4. Amendment to Certain Negative Covenants. Section 6(d) of the Agreement
is hereby amended by replacing such Section in its entirety with the
following:
"(d) sell, lease or otherwise dispose of all or any substantial portion
of its assets; provided that Borrower will be permitted to sell
seismic data, interests in the seismic project and/or all prospects
defined to date, working interests in individual prospects,
overriding royalty interests, and other partnering arrangements
involving total consideration paid to Borrower not to exceed
$2,000,000;"
Section 6 of the Agreement is hereby amended by deleting the word "or" at
the end of clause (e), replacing the period at the end of clause (f) with
"; or" and adding to such Section a new clause (g), which reads as
follows:
"(g) incur any indebtedness subsequent to September __, 1998 unless such
indebtedness by its terms is expressly made subordinate to the Term
Loan."
5. Amendment to Rights and Remedies. Section 11 of the Agreement is hereby
amended by replacing the word "two-thirds of the aggregate principal
amount then outstanding under" in the first sentence with the words
"$750,000 in aggregate original principal amount of ".

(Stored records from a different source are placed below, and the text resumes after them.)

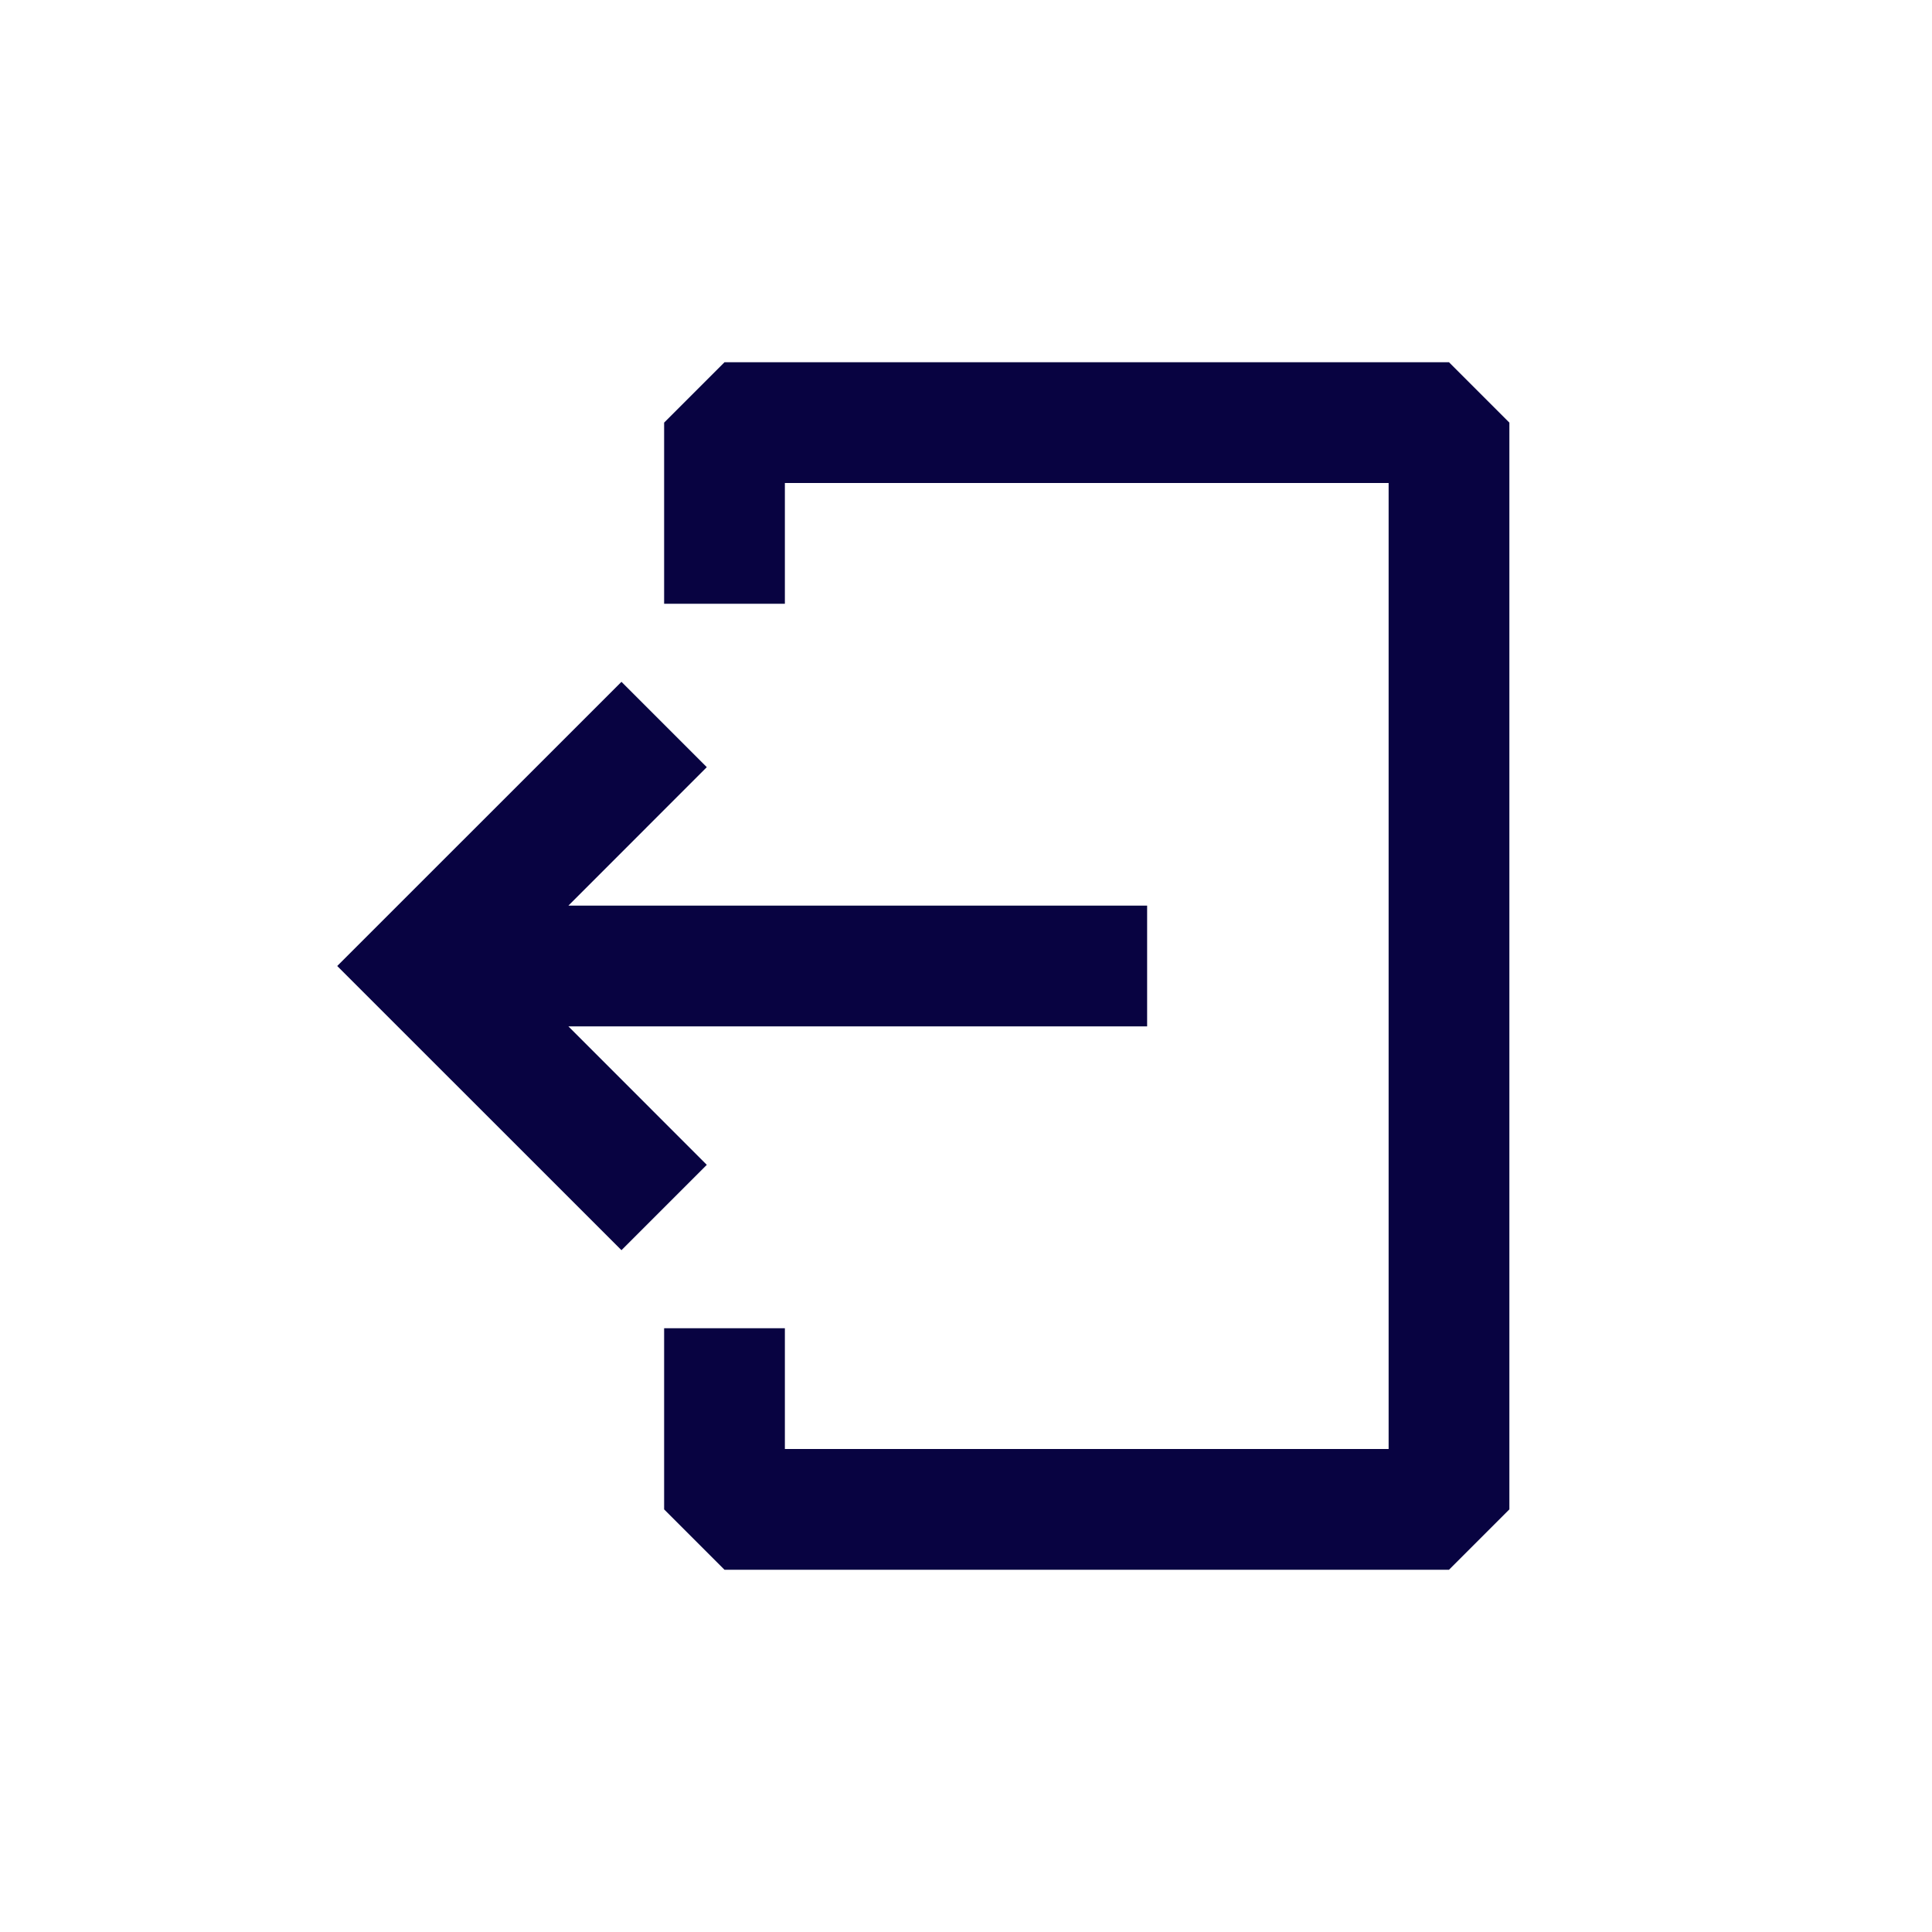 <?xml version="1.0" encoding="utf-8"?><!-- Скачано с сайта svg4.ru / Downloaded from svg4.ru -->
<svg width="800px" height="800px" viewBox="0 0 24 24" fill="none" xmlns="http://www.w3.org/2000/svg">
<path fill-rule="evenodd" clip-rule="evenodd" d="M8.25 5.25L9 4.5H18L18.75 5.25V18.75L18 19.5H9L8.25 18.75V16.5H9.75V18H17.25V6H9.75V7.5H8.25V5.25Z" fill="#080341"/>
<path fill-rule="evenodd" clip-rule="evenodd" d="M7.061 12.75L14.25 12.75L14.25 11.25L7.061 11.25L8.78 9.53L7.72 8.47L4.189 12L7.72 15.53L8.78 14.47L7.061 12.75Z" fill="#080341"/>
</svg>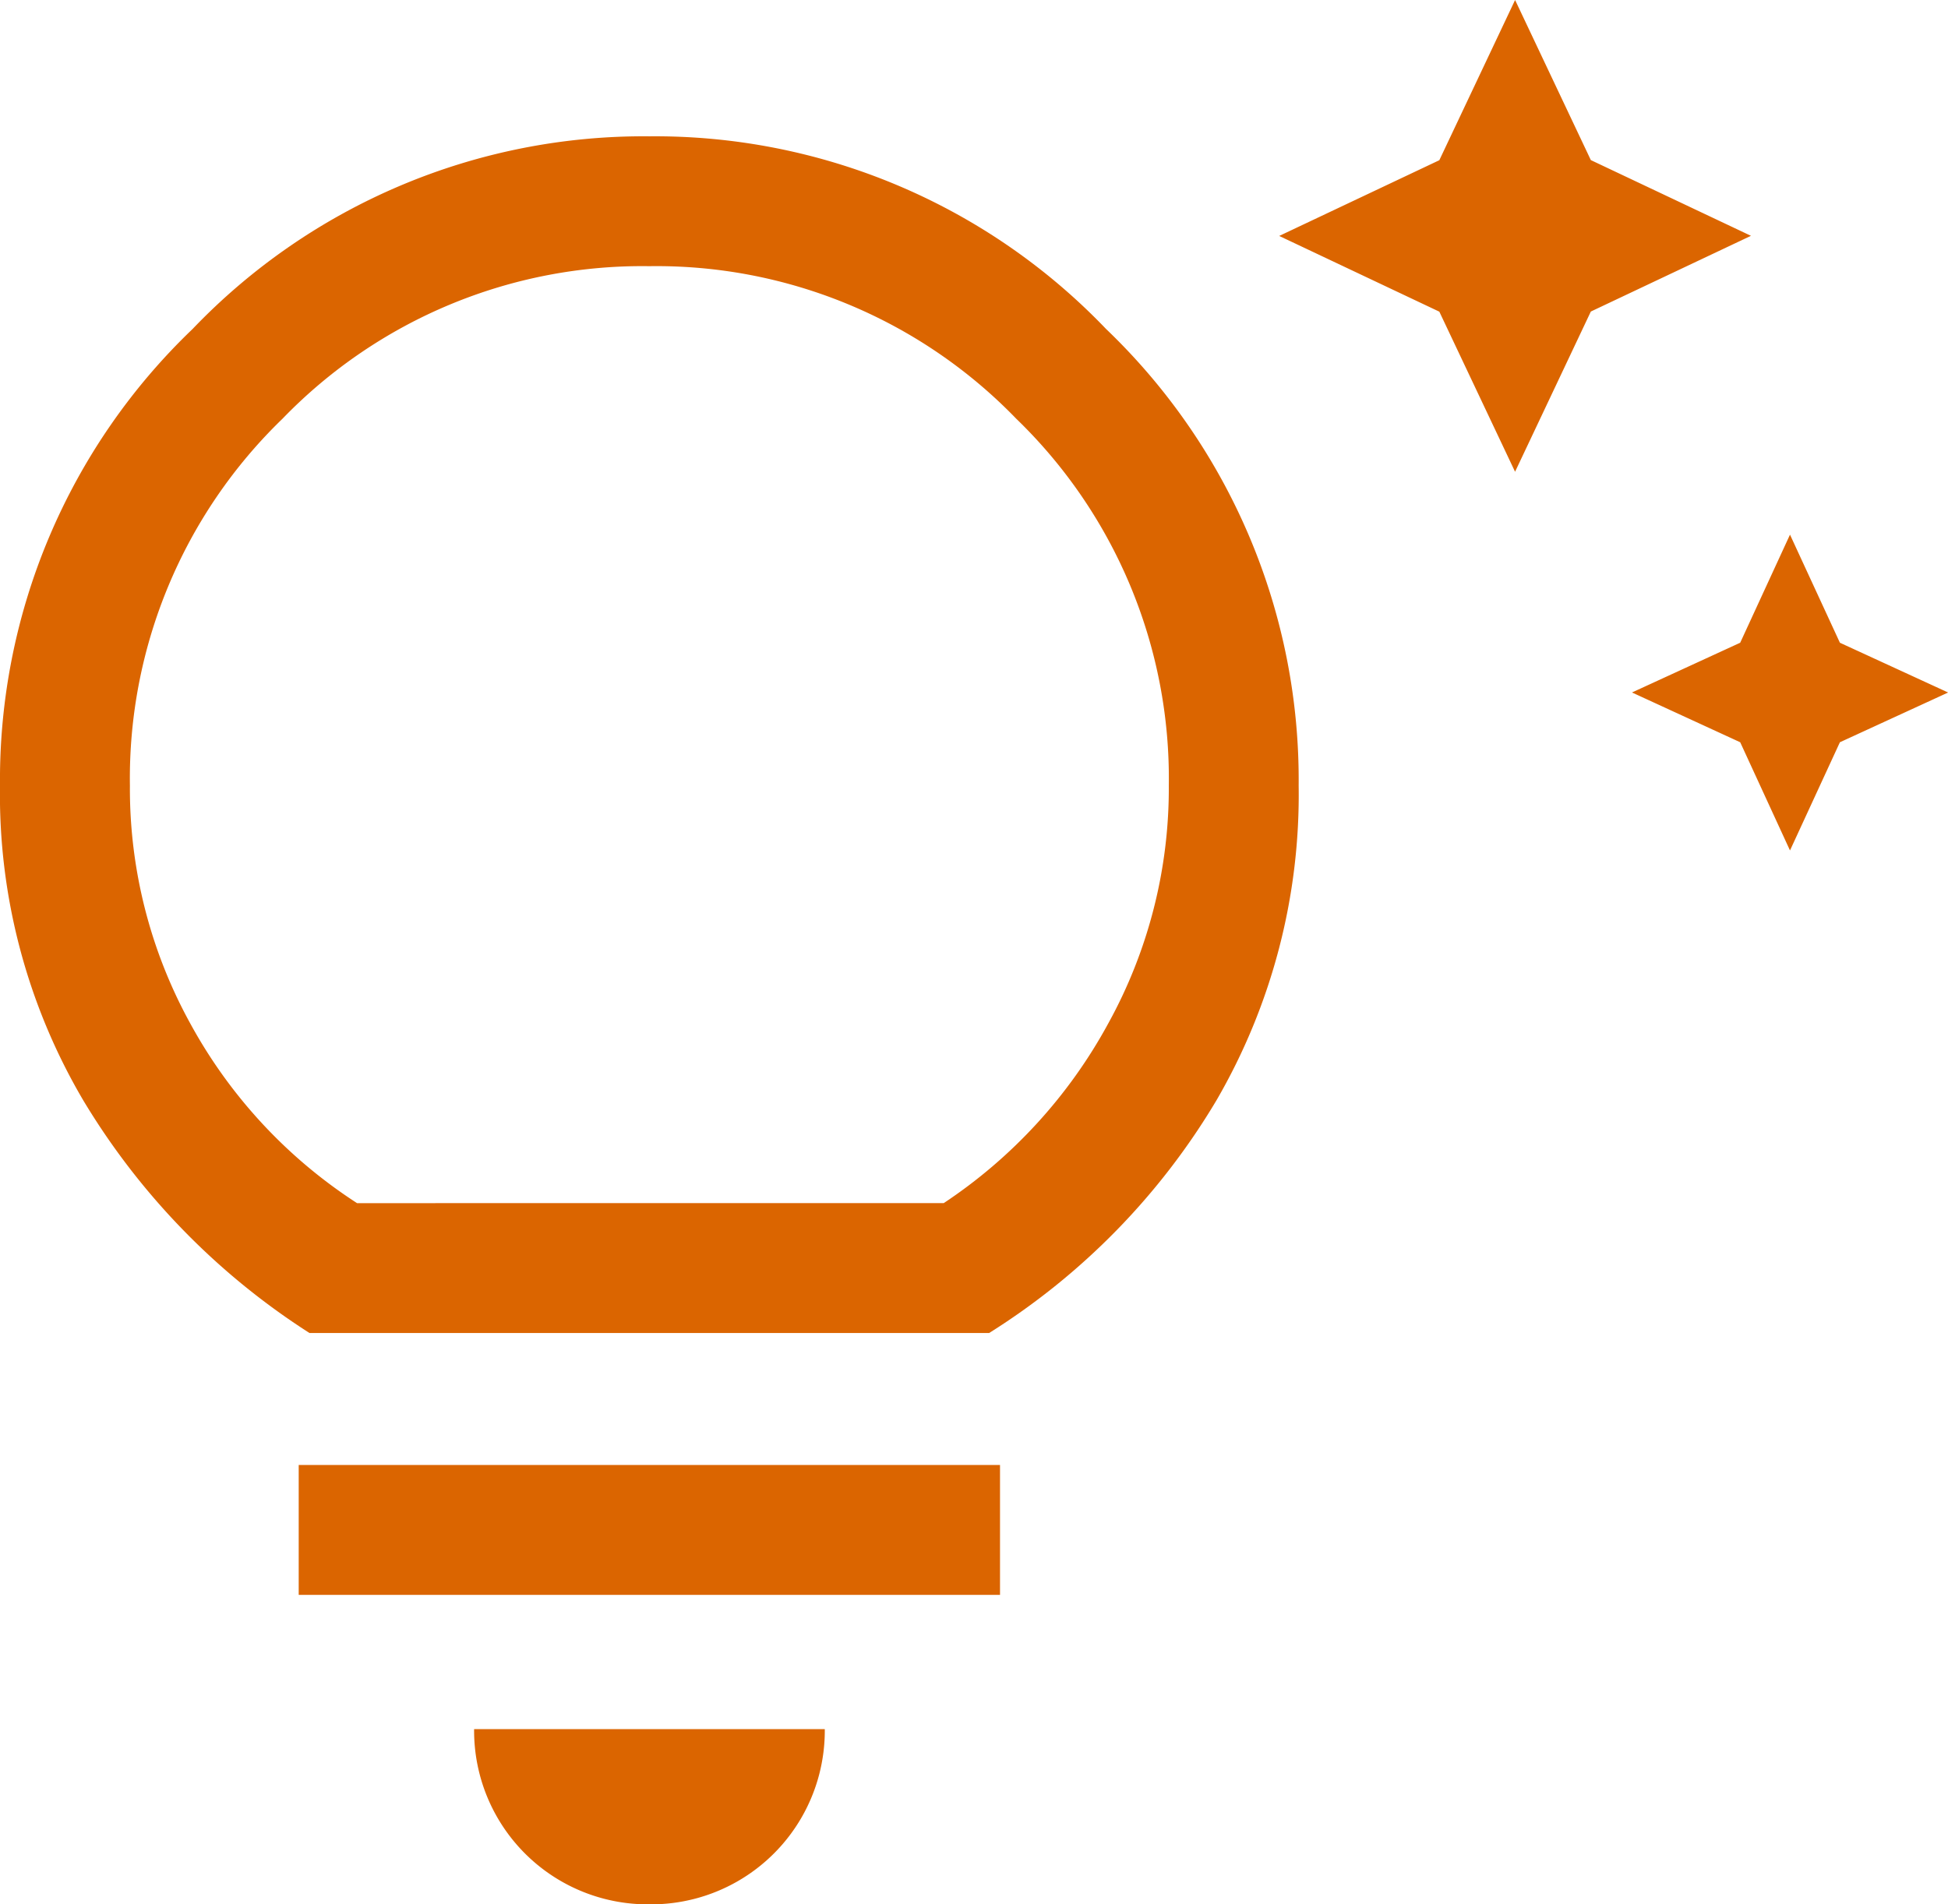 <svg xmlns="http://www.w3.org/2000/svg" width="64.478" height="63.045" viewBox="0 0 64.478 63.045">
  <path id="ico_kreativ" d="M62.248,28.155,60.6,24.573l-3.582-1.648L60.6,21.278,62.248,17.7,63.9,21.278l3.582,1.648L63.9,24.573Zm-9.1-12.537-2.507-5.3-5.3-2.507,5.3-2.507L53.149,0l2.507,5.3,5.3,2.507-5.3,2.507ZM24.493,63.045a5.749,5.749,0,0,1-5.8-5.8H30.3a5.749,5.749,0,0,1-5.8,5.8ZM12.887,52.8V48.5H36.1v4.3Zm.358-8.669a23.507,23.507,0,0,1-7.487-7.7A19.944,19.944,0,0,1,3,26.006,20.657,20.657,0,0,1,9.376,10.89,20.657,20.657,0,0,1,24.493,4.513,20.657,20.657,0,0,1,39.609,10.89a20.657,20.657,0,0,1,6.376,15.116A20.146,20.146,0,0,1,43.263,36.43a22.929,22.929,0,0,1-7.522,7.7Zm1.576-4.3H34.236a16.7,16.7,0,0,0,5.445-5.946,16.116,16.116,0,0,0,2.006-7.881,16.557,16.557,0,0,0-5.051-12.143A16.557,16.557,0,0,0,24.493,8.812a16.557,16.557,0,0,0-12.143,5.051A16.557,16.557,0,0,0,7.3,26.006,16.116,16.116,0,0,0,9.3,33.887,16.468,16.468,0,0,0,14.821,39.833Zm9.672,0Z" transform="translate(-3)" fill="#db6500"/>
</svg>

6. Amendment of Maturity Date. The definition of Maturity Date in Section
12 shall be hereby amended by replacing the paragraph captioned MATURITY
DATE in its entirety with the following paragraph:
"MATURITY DATE means the earlier of (a) subject to the extension
provided for below, December 15, 1998 and (b) the date that the Senior
Notes are declared immediately due and payable pursuant to SECTION 11
in the event of a Default; provided that Lender's rights continue
until the Obligation has been paid and performed in full. If no
Default or Potential Default exists, Borrower may extend the Maturity
Date until January 15, 1999 by notifying Lender of such extension
prior to the original Maturity Date."
7. Registration Procedures. By December 15, 1998, Borrower shall prepare
and file or cause to be filed with the SEC a Registration Statement with
respect to the Common Stock underlying the Additional Lender Warrants.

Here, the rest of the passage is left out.